START Exercise inputs

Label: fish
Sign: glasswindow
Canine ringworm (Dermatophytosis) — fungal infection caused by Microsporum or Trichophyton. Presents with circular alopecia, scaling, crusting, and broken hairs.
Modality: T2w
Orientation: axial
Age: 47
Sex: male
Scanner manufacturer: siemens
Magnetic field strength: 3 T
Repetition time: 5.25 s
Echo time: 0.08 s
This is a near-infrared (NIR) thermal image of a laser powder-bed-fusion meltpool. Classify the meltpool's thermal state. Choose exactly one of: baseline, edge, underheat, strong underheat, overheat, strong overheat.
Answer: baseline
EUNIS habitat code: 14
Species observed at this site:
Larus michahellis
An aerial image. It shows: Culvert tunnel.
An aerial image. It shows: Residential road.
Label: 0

END Exercise inputs
START Exercise inputs

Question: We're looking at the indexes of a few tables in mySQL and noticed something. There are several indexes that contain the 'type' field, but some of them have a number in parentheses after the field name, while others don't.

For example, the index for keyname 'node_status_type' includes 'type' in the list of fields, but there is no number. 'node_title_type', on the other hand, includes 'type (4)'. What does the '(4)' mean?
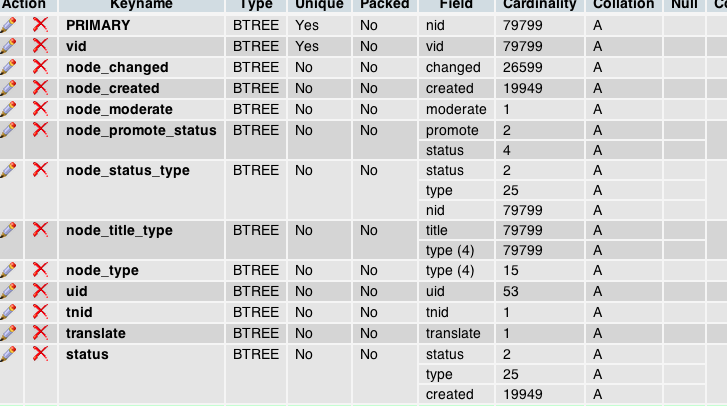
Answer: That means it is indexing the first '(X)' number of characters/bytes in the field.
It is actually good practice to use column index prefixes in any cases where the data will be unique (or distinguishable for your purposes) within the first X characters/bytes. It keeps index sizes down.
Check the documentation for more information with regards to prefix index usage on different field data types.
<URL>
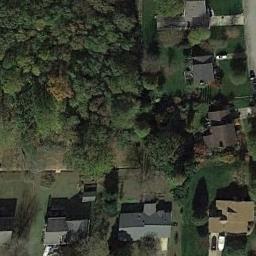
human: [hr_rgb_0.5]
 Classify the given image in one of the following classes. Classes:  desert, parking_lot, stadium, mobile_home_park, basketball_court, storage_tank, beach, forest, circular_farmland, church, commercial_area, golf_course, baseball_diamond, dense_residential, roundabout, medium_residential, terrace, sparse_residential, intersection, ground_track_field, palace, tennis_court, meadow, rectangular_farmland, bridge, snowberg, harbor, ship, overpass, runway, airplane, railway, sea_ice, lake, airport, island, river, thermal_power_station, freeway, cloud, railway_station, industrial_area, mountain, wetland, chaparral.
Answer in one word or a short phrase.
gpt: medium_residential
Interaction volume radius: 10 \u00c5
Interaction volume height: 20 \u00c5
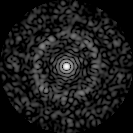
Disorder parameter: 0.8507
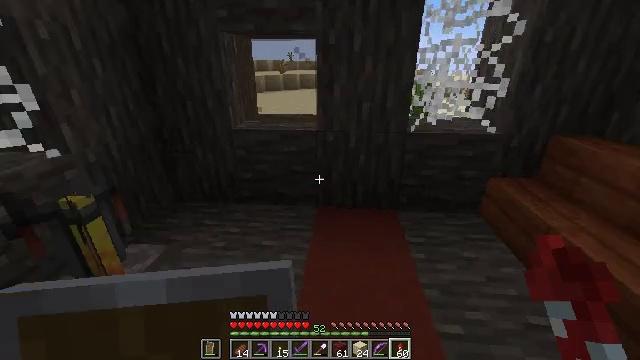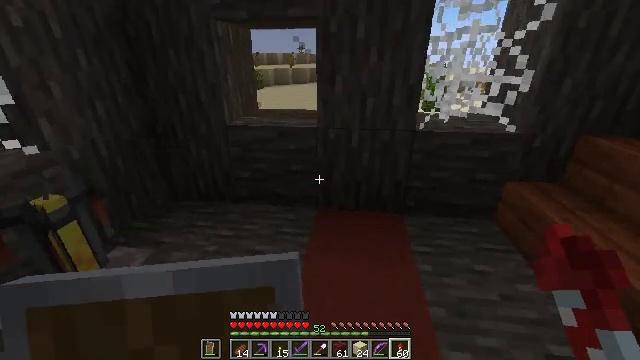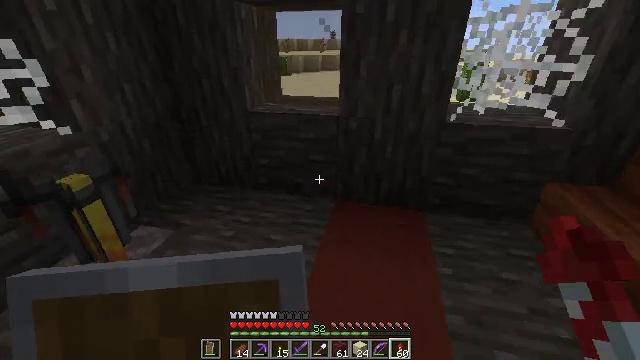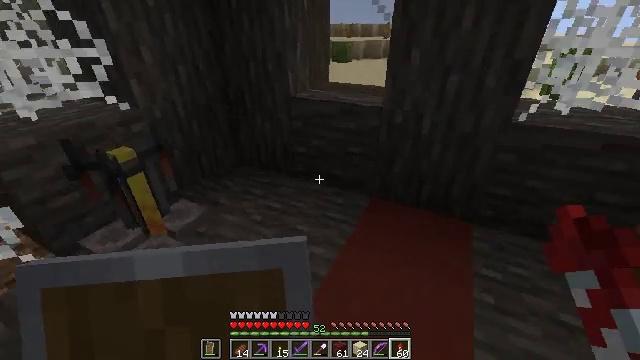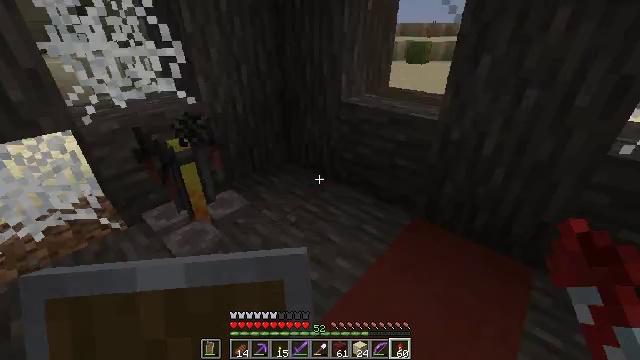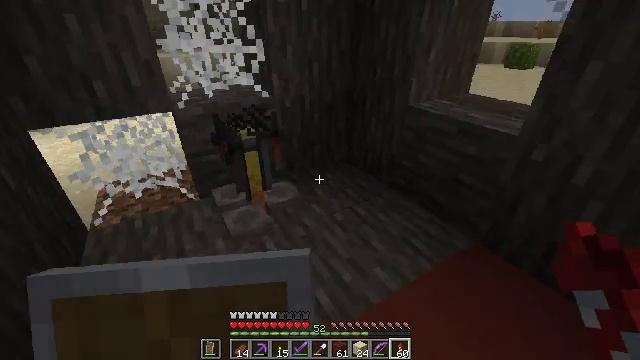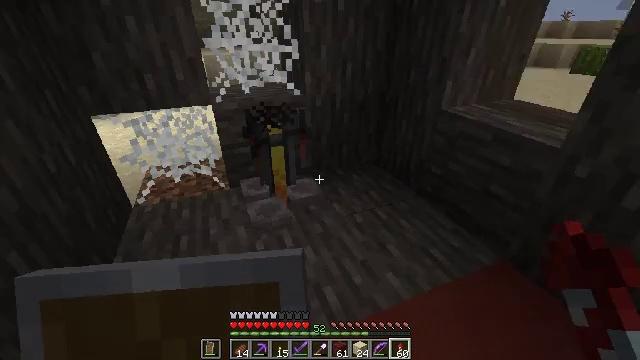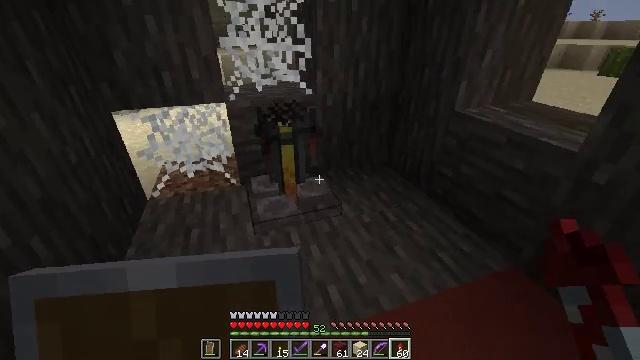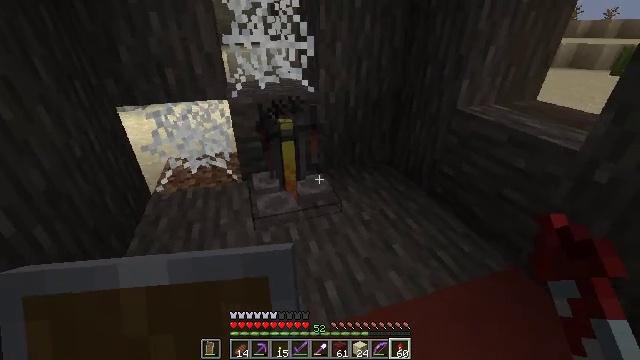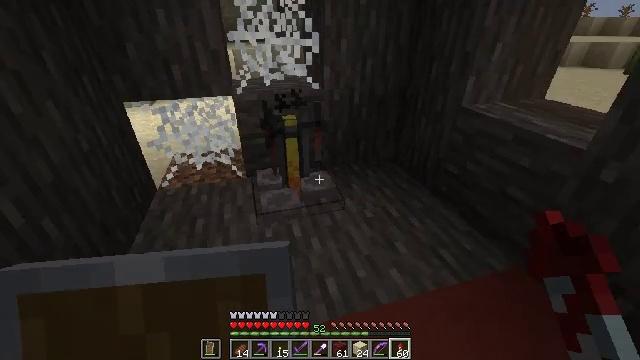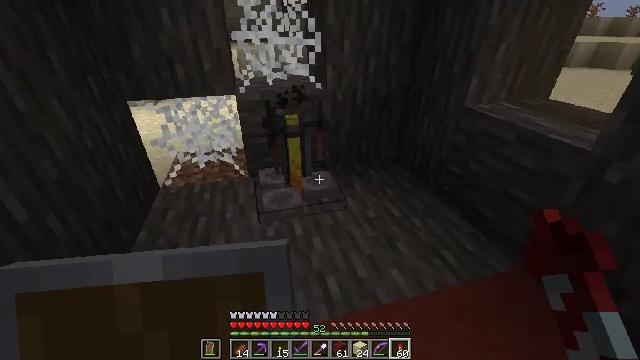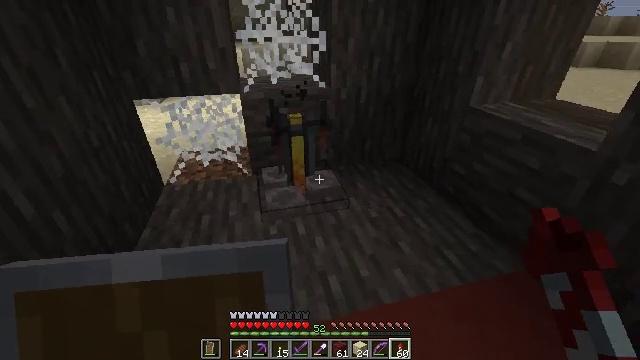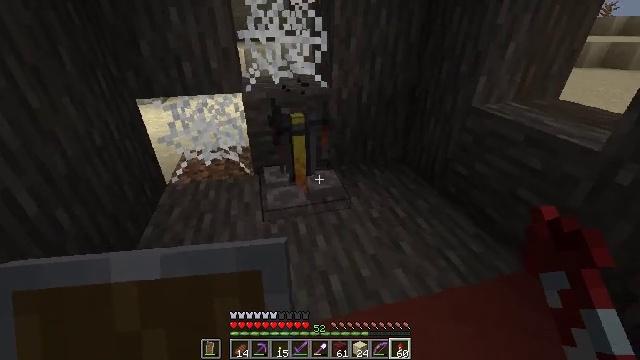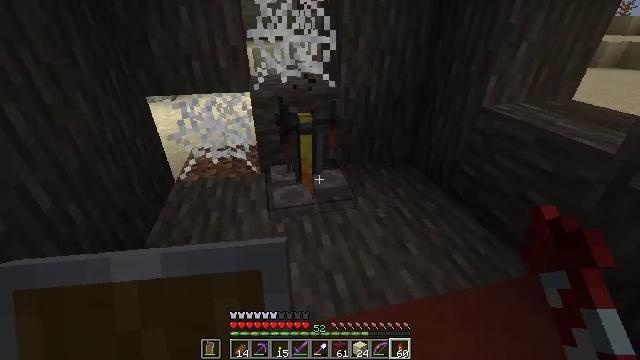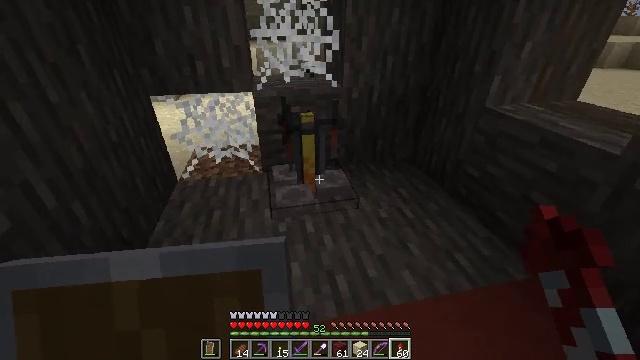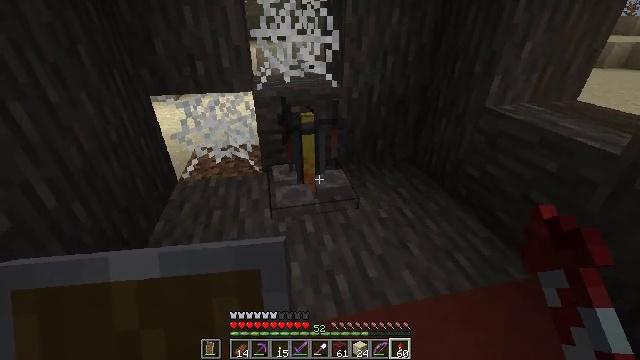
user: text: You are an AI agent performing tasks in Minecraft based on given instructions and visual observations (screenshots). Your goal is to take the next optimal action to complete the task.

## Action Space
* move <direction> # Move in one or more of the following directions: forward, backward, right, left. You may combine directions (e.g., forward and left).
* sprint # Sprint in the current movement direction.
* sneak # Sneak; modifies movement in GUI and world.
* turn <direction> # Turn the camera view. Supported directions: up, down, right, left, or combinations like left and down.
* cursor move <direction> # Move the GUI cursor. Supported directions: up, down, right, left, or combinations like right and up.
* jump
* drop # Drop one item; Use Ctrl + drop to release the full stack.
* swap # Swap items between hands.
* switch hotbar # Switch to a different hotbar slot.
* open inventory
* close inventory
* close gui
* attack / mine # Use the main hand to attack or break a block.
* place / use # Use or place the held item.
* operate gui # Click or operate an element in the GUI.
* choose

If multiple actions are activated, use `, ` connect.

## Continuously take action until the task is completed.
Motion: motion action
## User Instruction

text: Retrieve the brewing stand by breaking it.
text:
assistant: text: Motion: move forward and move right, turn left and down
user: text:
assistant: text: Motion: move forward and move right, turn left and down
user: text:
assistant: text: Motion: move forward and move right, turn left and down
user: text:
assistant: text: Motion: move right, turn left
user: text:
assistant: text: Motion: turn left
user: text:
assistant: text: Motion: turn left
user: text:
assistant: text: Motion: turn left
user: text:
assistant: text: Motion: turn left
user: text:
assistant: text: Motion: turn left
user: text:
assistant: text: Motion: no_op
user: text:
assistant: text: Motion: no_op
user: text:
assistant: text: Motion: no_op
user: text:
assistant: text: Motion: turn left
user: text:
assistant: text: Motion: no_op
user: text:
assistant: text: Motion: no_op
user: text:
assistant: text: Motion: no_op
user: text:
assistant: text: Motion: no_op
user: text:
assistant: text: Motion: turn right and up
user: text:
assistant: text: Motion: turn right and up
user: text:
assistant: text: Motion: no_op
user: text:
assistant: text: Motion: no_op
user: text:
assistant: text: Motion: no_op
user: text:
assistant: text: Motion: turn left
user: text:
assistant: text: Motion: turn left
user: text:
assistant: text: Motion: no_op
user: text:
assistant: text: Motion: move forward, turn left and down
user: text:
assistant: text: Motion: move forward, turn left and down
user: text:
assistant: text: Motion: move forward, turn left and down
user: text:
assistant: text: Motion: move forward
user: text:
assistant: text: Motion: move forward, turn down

END Exercise inputs

● **Problem to solve**:
Count every line in the listing where the string "take" occurs. Give the total alone.

● **Written response**:
2